The pollution problem
Is it as bad as the data suggest?
The 10 worst cities nationwide for air quality are, in order of severity of the problem: 1) Los Angeles, 2) Bakersfield, 3) Fresno, 4) Visalia, 5) Houston, Texas, 6) Atlanta, Ga., 7) Merced, 8) Knoxville, Tenn., 9) Charlotte, N.C., and 10) Sacramento.
At least one local expert questions the figures.
“I don’t think the study is particularly fair,” says Gail Williams, of the Butte County Air Quality Management District. “Their data may be there, but how they represent it can be misleading. Chico has only had 12 days of non-attainment status [exceeding the air quality standard] in the last three years, and we’re getting the same failing grade as a place like Los Angeles that has about 180 bad days a year.”
Williams explains that the stringent grading was based on very small numbers of bad ozone days—one a year for the last three years automatically meant a “C” grade—which is why more than half the counties in California received failing grades. The areas with the least population had the better grades.
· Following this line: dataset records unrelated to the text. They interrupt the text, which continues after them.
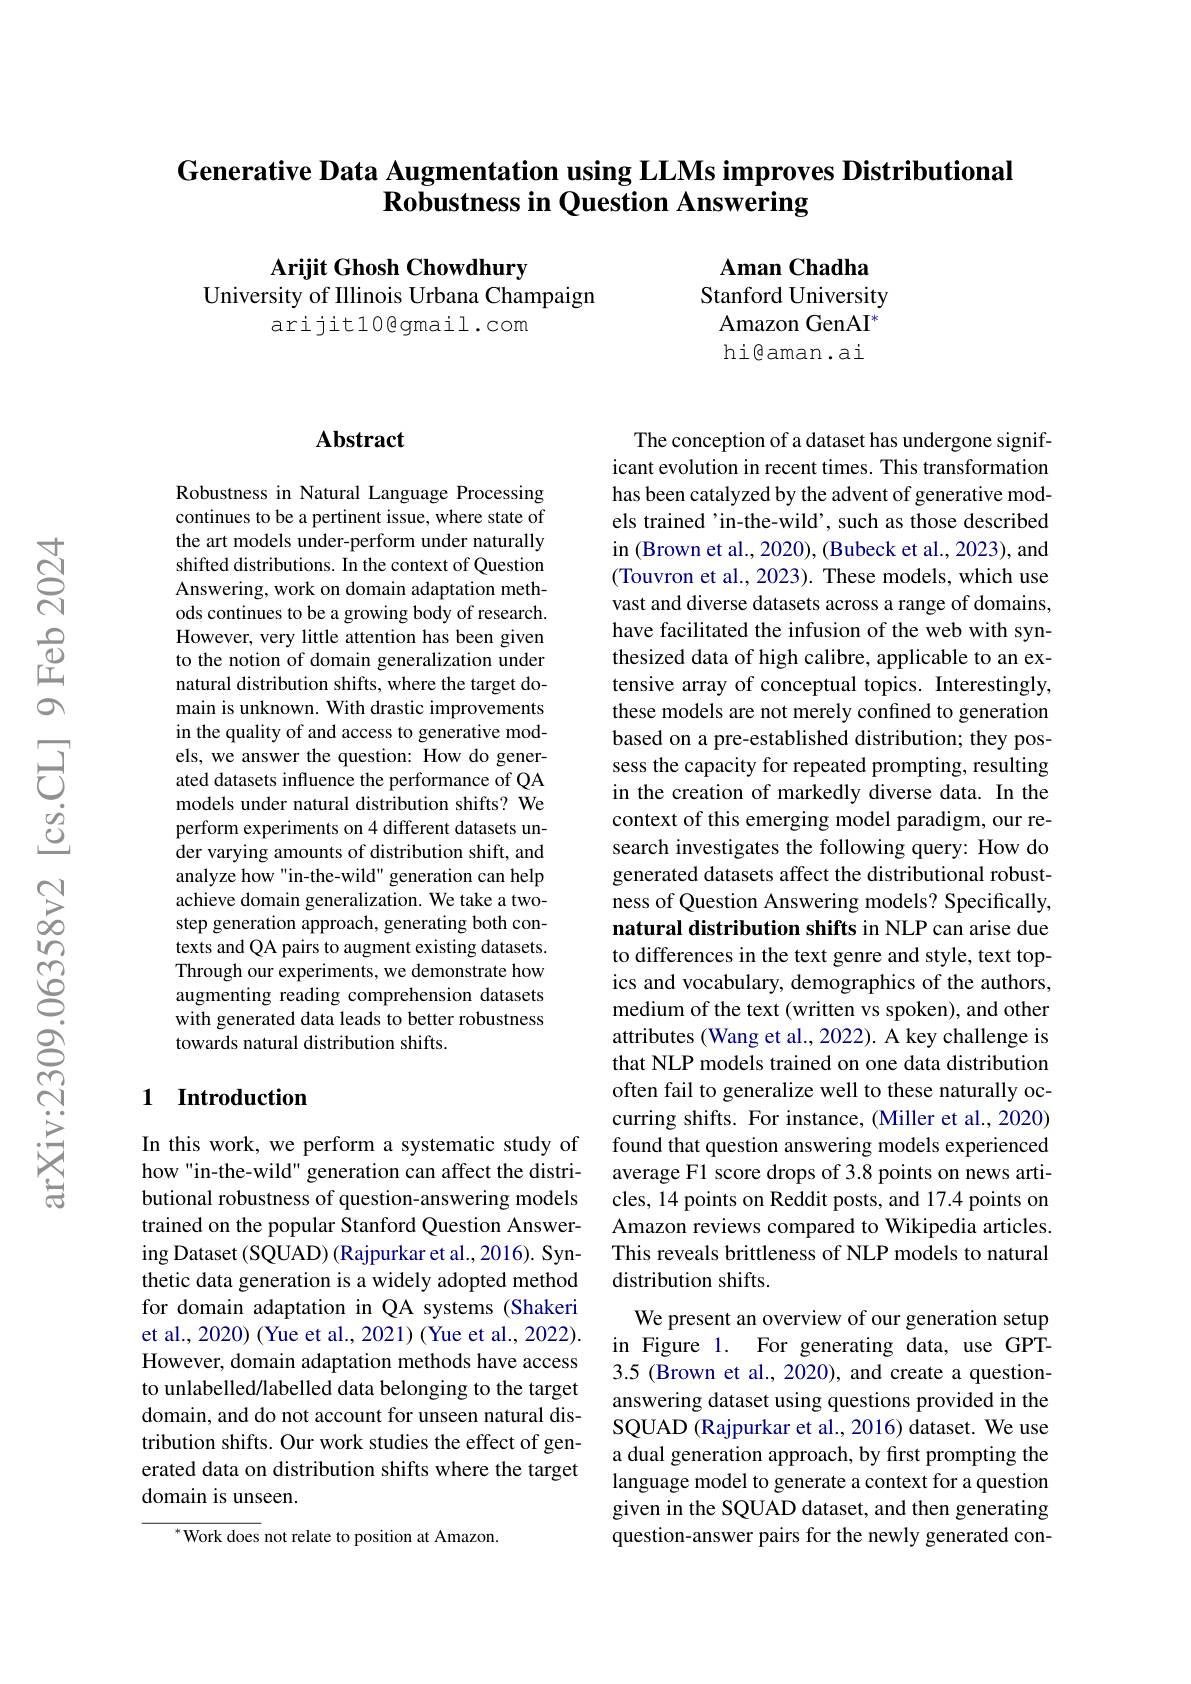
# Generative Data Augmentation using LLMs improves Distributional Robustness in Question Answering

Arijit Ghosh Chowdhury
University of Illinois Urbana Champaign
arijitlogmail.com

$\mathbf{Aman}$ Chadha Stanford University
Amazon GenAI$^{*}$ hi@aman.ai

## Abstract

Robustness in Natural Language Processing continues to be a pertinent issue, where state of the art models under-perform under naturally shifted distributions. In the context of Question Answering, work on domain adaptation methods continues to be a growing body of research However, very little attention has been given to the notion of domain generalization under natural distribution shifts, where the target domain is unknown. With drastic improvements in the quality of and access to generative models, we answer the question: How do generated datasets influence the performance of QA models under natural distribution shifts? We perform experiments on 4 different datasets under varying amounts of distribution shift, and analyze how "in-the-wild" generation can help achieve domain generalization. We take a twostep generation approach, generating both contexts and QA pairs to augment existing datasets. Through our experiments, we demonstrate how augmenting reading comprehension datasets with generated data leads to better robustness towards natural distribution shifts.

The conception of a dataset has undergone significant evolution in recent times. This transformation has been catalyzed by the advent of generative models trained'in-the-wild', such as those described in (Brown et al., 2020), (Bubeck et al., 2023), and (Touvron et al., 2023). These models, which use vast and diverse datasets across a range of domains, have facilitated the infusion of the web with synthesized data of high calibre, applicable to an extensive array of conceptual topics. Interestingly these models are not merely confined to generation based on a pre-established distribution; they possess the capacity for repeated prompting, resulting in the creation of markedly diverse data. In the context of this emerging model paradigm, our research investigates the following query: How do generated datasets affect the distributional robustness of Question Answering models? Specifically, natural distribution shifts in NLP can arise due to differences in the text genre and style, text topics and vocabulary, demographics of the authors, medium of the text (written vs spoken), and other attributes (Wang et al., 2022). A key challenge is that NLP models trained on one data distribution often fail to generalize well to these naturally occurring shifts. For instance, (Miller et al., 2020) found that question answering models experienced average F1 score drops of 3.8 points on news articles, 14 points on Reddit posts, and 17.4 points on Amazon reviews compared to Wikipedia articles. This reveals brittleness of NLP models to natural distribution shifts.
We present an overview of our generation setup in Figure 1. For generating data, use GPT- 3.5 (Brown et al., 2020), and create a questionanswering dataset using questions provided in the SQUAD (Rajpurkar et al., 2016) dataset. We use a dual generation approach, by first prompting the language model to generate a context for a question given in the SQUAD dataset, and then generating question-answer pairs for the newly generated con-

### 1 Introduction

In this work, we perform a systematic study of how "in-the-wild" generation can affect the distributional robustness of question-answering models trained on the popular Stanford Question Answering Dataset (SQUAD) (Rajpurkar et al., 2016). Synthetic data generation is a widely adopted method for domain adaptation in QA systems (Shakeri et al., 2020) (Yue et al., 2021) (Yue et al., 2022). However, domain adaptation methods have access to unlabelled/labelled data belonging to the target domain, and do not account for unseen natural distribution shifts. Our work studies the effect of generated data on distribution shifts where the target domain is unseen.

${^{*}\text{Work does }}$not relate to position at Amazon.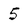
Character: 5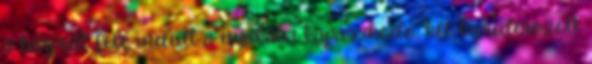
a bárpult felé indult a nyakába kapaszkodó, két kipúderozott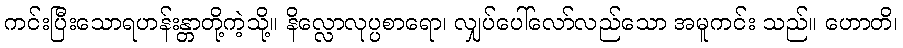
ကင်းပြီးသောရဟန်းန္တာတို့ကဲ့သို့။ နိလ္လောလုပ္ပစာရော၊ လျှပ်ပေါ်လော်လည်သော အမူကင်း သည်။ ဟောတိ၊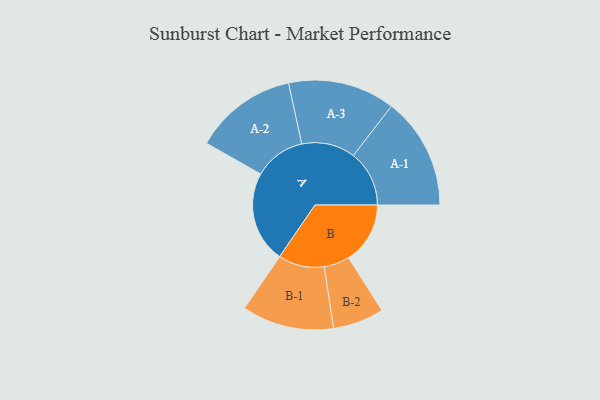
{"axis": {"x": "Segment", "y": "Value"}, "legend": ["", "A", "B"], "data": [{"x": "A", "y": 486, "type": ""}, {"x": "B", "y": 328, "type": ""}, {"x": "A-1", "y": 298, "type": "A"}, {"x": "A-2", "y": 274, "type": "A"}, {"x": "A-3", "y": 285, "type": "A"}, {"x": "B-1", "y": 245, "type": "B"}, {"x": "B-2", "y": 136, "type": "B"}]}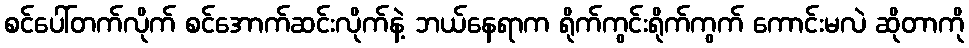
စင်ပေါ်တက်လိုက် စင်အောက်ဆင်းလိုက်နဲ့ ဘယ်နေရာက ရိုက်ကွင်းရိုက်ကွက် ကောင်းမလဲ ဆိုတာကို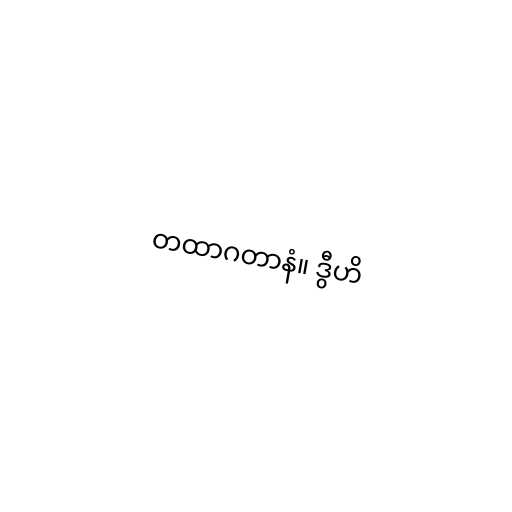
တထာဂတာနံ။ ဒွီဟိ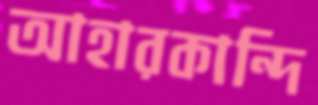
আহারকান্দি

“Plus they don’t say how many of these areas were affected by transport pollution, like us,” she adds. “Studies like these may just confuse the public.”
Williams says that the pollutant that should really concern the public is the finest particulate matter—PM 2.5, or 2.5 microns in size (a human hair is 70 microns wide). This substance, which gets in the lungs and stays there, potentially causing problems, comes from incomplete combustion from things like old wood heaters, of which there are many in the area.
Williams says her studies find higher levels of ozone in Paradise, where more transported air from Sacramento winds up with no place to go, while Chico has a higher particulate matter problem and may soon become designated a non-attainment area.
"We’re looking at incentives for cleaning out old wood stoves," she says. "Right now we haven’t identified any funds yet, but the district is looking at the problem."